Mientras esto sucedía, la gente gaucha de la estancia le dijo al pasaje que bajara, que nos iban a preparar corderito asado hasta tanto pudiésemos reanudar el viaje. Las mujeres nos hicieron subir a mí y a mi primo al portaequipaje para bajar los cajones de bebida y así aportar algo al asado gratuito que nos brindaban los lugareños. Disfrutamos de un hermoso asado, volvimos al micro como a las 3 de la mañana y a eso de las 8 am llegaron los hombres trayendo por la fuerza a los choferes que se habían ido a dormir a un hotel de General Lavalle.

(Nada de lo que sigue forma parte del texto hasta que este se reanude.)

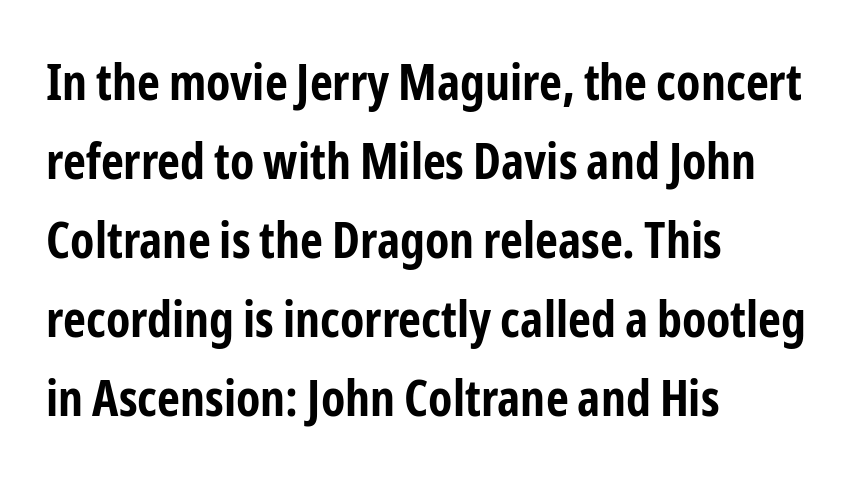
Q: Is the text bold? A: Yes.
Q: Is the text italic (slanted)? A: No, it is upright.
Q: Is the typeface a serif or a sans-serif typeface? A: Sans-serif.
Q: Is the text underlined? A: No.
Q: How is the paragraph aligned? A: Left-aligned.
Q: Is the spacing between letters normal or unusually wide? A: Normal.
Q: Is the spacing between lines tight, normal or loose? A: Normal.
Q: Width (condensed, normal, or wide)? A: Condensed.
Q: Stroke contrast? A: Low.
Q: x-height? A: Medium.
Q: Monospaced? A: No.
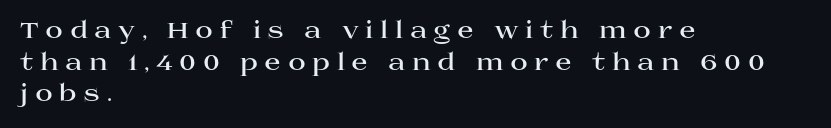
Q: Is the text bold? A: Yes.
Q: Is the text italic (slanted)? A: No, it is upright.
Q: Is the text underlined? A: No.
Q: How is the paragraph aligned? A: Left-aligned.
Q: Is the spacing between letters normal or unusually wide? A: Unusually wide.
Q: Is the spacing between lines tight, normal or loose? A: Normal.
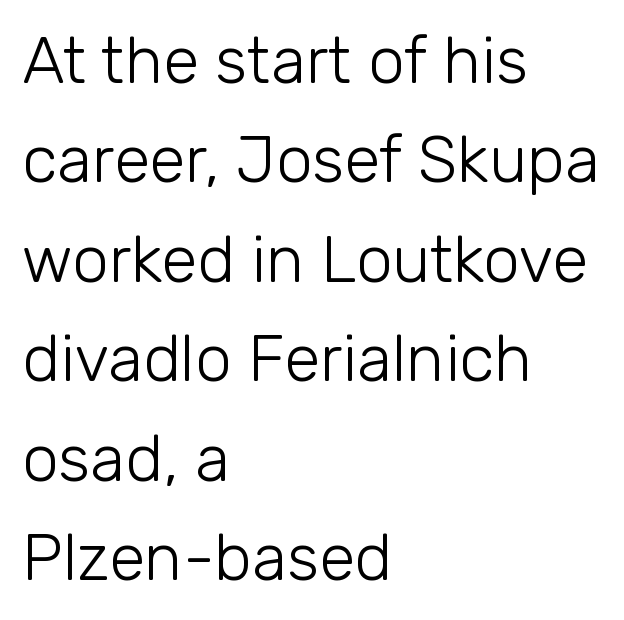
Q: Is the text bold? A: No.
Q: Is the text italic (slanted)? A: No, it is upright.
Q: Is the typeface a serif or a sans-serif typeface? A: Sans-serif.
Q: Is the text underlined? A: No.
Q: How is the paragraph aligned? A: Left-aligned.
Q: Is the spacing between letters normal or unusually wide? A: Normal.
Q: Is the spacing between lines tight, normal or loose? A: Normal.
Q: Width (condensed, normal, or wide)? A: Normal.
Q: Stroke contrast? A: Low.
Q: x-height? A: Medium.
Q: Monospaced? A: No.
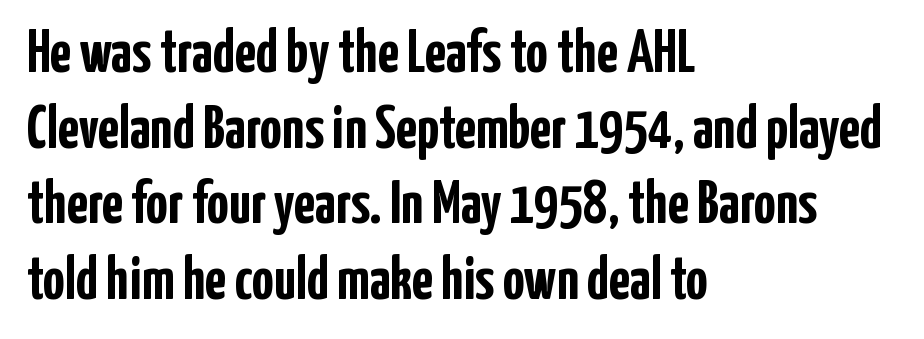
Q: Is the text bold? A: Yes.
Q: Is the text italic (slanted)? A: No, it is upright.
Q: Is the typeface a serif or a sans-serif typeface? A: Sans-serif.
Q: Is the text underlined? A: No.
Q: How is the paragraph aligned? A: Left-aligned.
Q: Is the spacing between letters normal or unusually wide? A: Normal.
Q: Width (condensed, normal, or wide)? A: Condensed.
Q: Stroke contrast? A: Low.
Q: x-height? A: Medium.
Q: Monospaced? A: No.
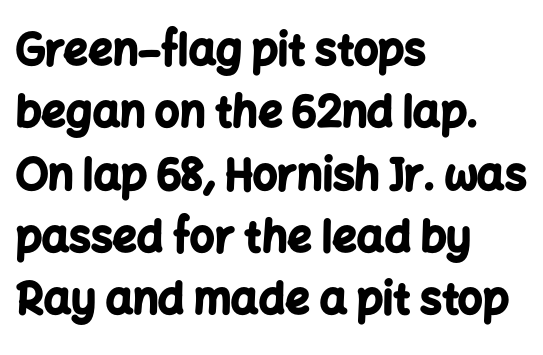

Los paisanos desencajaron el micro y re-emprendimos el viaje. Llegamos a la playa de Santa Teresita y tuvimos que esperar que bajara la marea –los chóferes tenían una tabla con el horario de las mareas– para reiniciar el viaje esta vez a través de la playa. Cruzamos por debajo del muelle de pescadores que aún se conserva en Santa Teresita, seguimos varios kilómetros por la playa hasta que en el medio de los médanos apareció, por fin, la figura del Hotel San Miguel, un hermoso edificio de dos o tres pisos y techo de tejas.

Allí paró el micro para descargar lo que había quedado de las provisiones y seguir hasta Mar de Ajó. Al mediodía llegamos a destino, ¡luego de treinta y seis (36) horas de viaje! Mi hermana le preguntó a un lugareño donde estaba la parada de taxis y éste le señaló un sulky de carrocería de paja: ése era el taxi.

Ocupamos tres sulkys, dos para los pasajeros y el restante para el baúl de mi primo. Debíamos ir a la hostería “El Caballito Blanco” que está a unos dos kilómetros del pueblo en dirección a Pinamar. En ese paraje estaba esta hostería, el Hotel Silvio, la comisaría y una casa que era la curiosidad de la gente pues se asemejaba a un barco.

Cuando le contaba a mis hijos y a conocidos que habíamos tardado 36 horas en llegar a Mar de Ajó no lo podían llegar a entender. Claro, como iban a creerlo si hoy se viaja en muy pocas horas.

Odisea aparte, este viaje fue, es y será un recuerdo imborrable mientras viva.